Current results on isokinetic tasks are contradictory, i.e., some studies suggest differences in fatigue in these tasks between younger and older people, while others do not. In some studies, the authors point to angular velocity as the main cause of greater fatigue in older people, especially in knee extension exercises, but less so in tasks requiring the use of foot dorsiflexors. Taken together, these results call into question the generally accepted assumption that there is a universal loss of speed with age.

Fatigue in isotonic tasks

On the other hand, the results concerning isotonic tasks are similar: older people are less strong than younger people when a constant maximal force is required when different parameters such as the muscle group involved, the variety of movements performed, or the intensity of the exercise are taken into account. However, some authors find that when performing isotonic and isokinetic tasks on the same groups, they find that the angular velocity of the movement changes the capacity to exert force. In other words, it suggests that when the neuromuscular system becomes “slower,” it may predispose older people to greater fatigue in tasks requiring high speed.

The mechanisms potentially involved

As mentioned above, many changes occur in the neuromuscular system during aging, and changes in the central and peripheral nervous systems may be responsible for decreased performance.
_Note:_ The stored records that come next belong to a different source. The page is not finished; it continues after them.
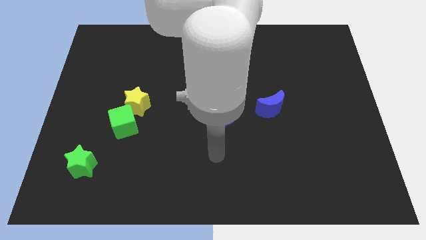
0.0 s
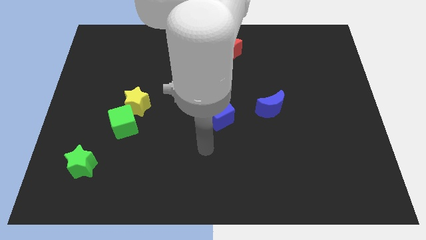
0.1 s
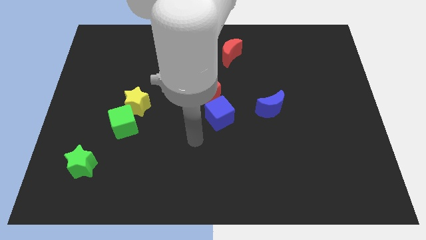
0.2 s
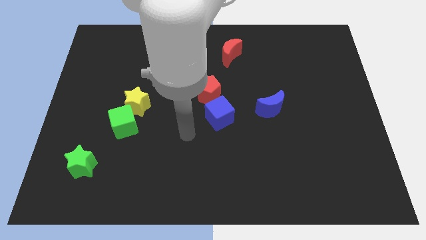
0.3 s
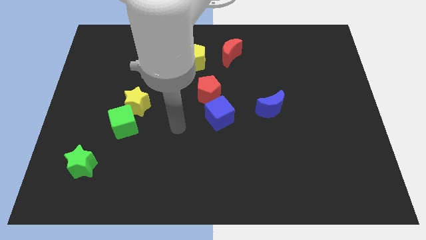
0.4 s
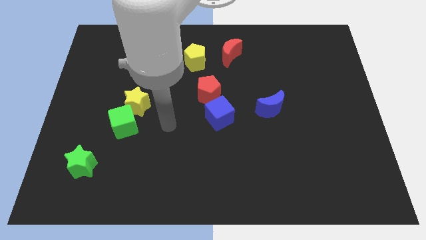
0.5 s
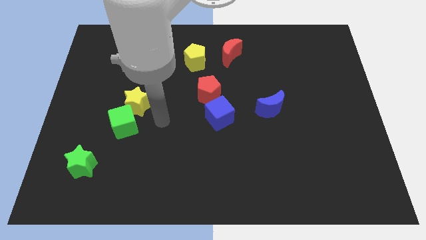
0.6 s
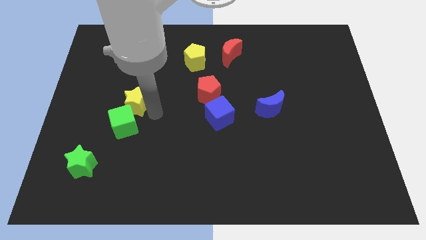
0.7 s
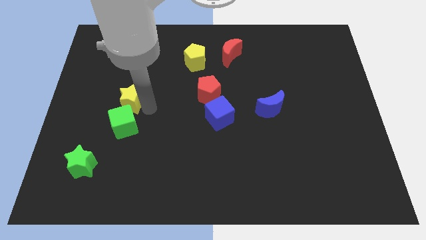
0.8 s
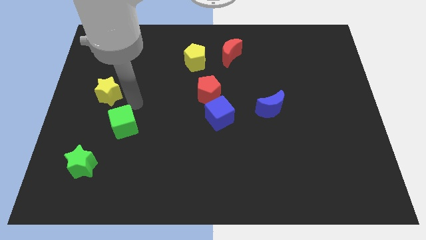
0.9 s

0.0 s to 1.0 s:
move the green cube away from the yellow star

However, there is still little consensus on the hypotheses in the literature because the results are inconsistent: decreased willingness to initiate an action, changes in sarcomere excitability, slower muscle recovery, electrical changes in contractile cells, prolonged muscle anemia, accumulation of inorganic phosphate, free radicals, ionic changes, changes in oxidative capacity, etc. Many of these hypotheses are based on the fact that the neuromuscular system is not as efficient as before.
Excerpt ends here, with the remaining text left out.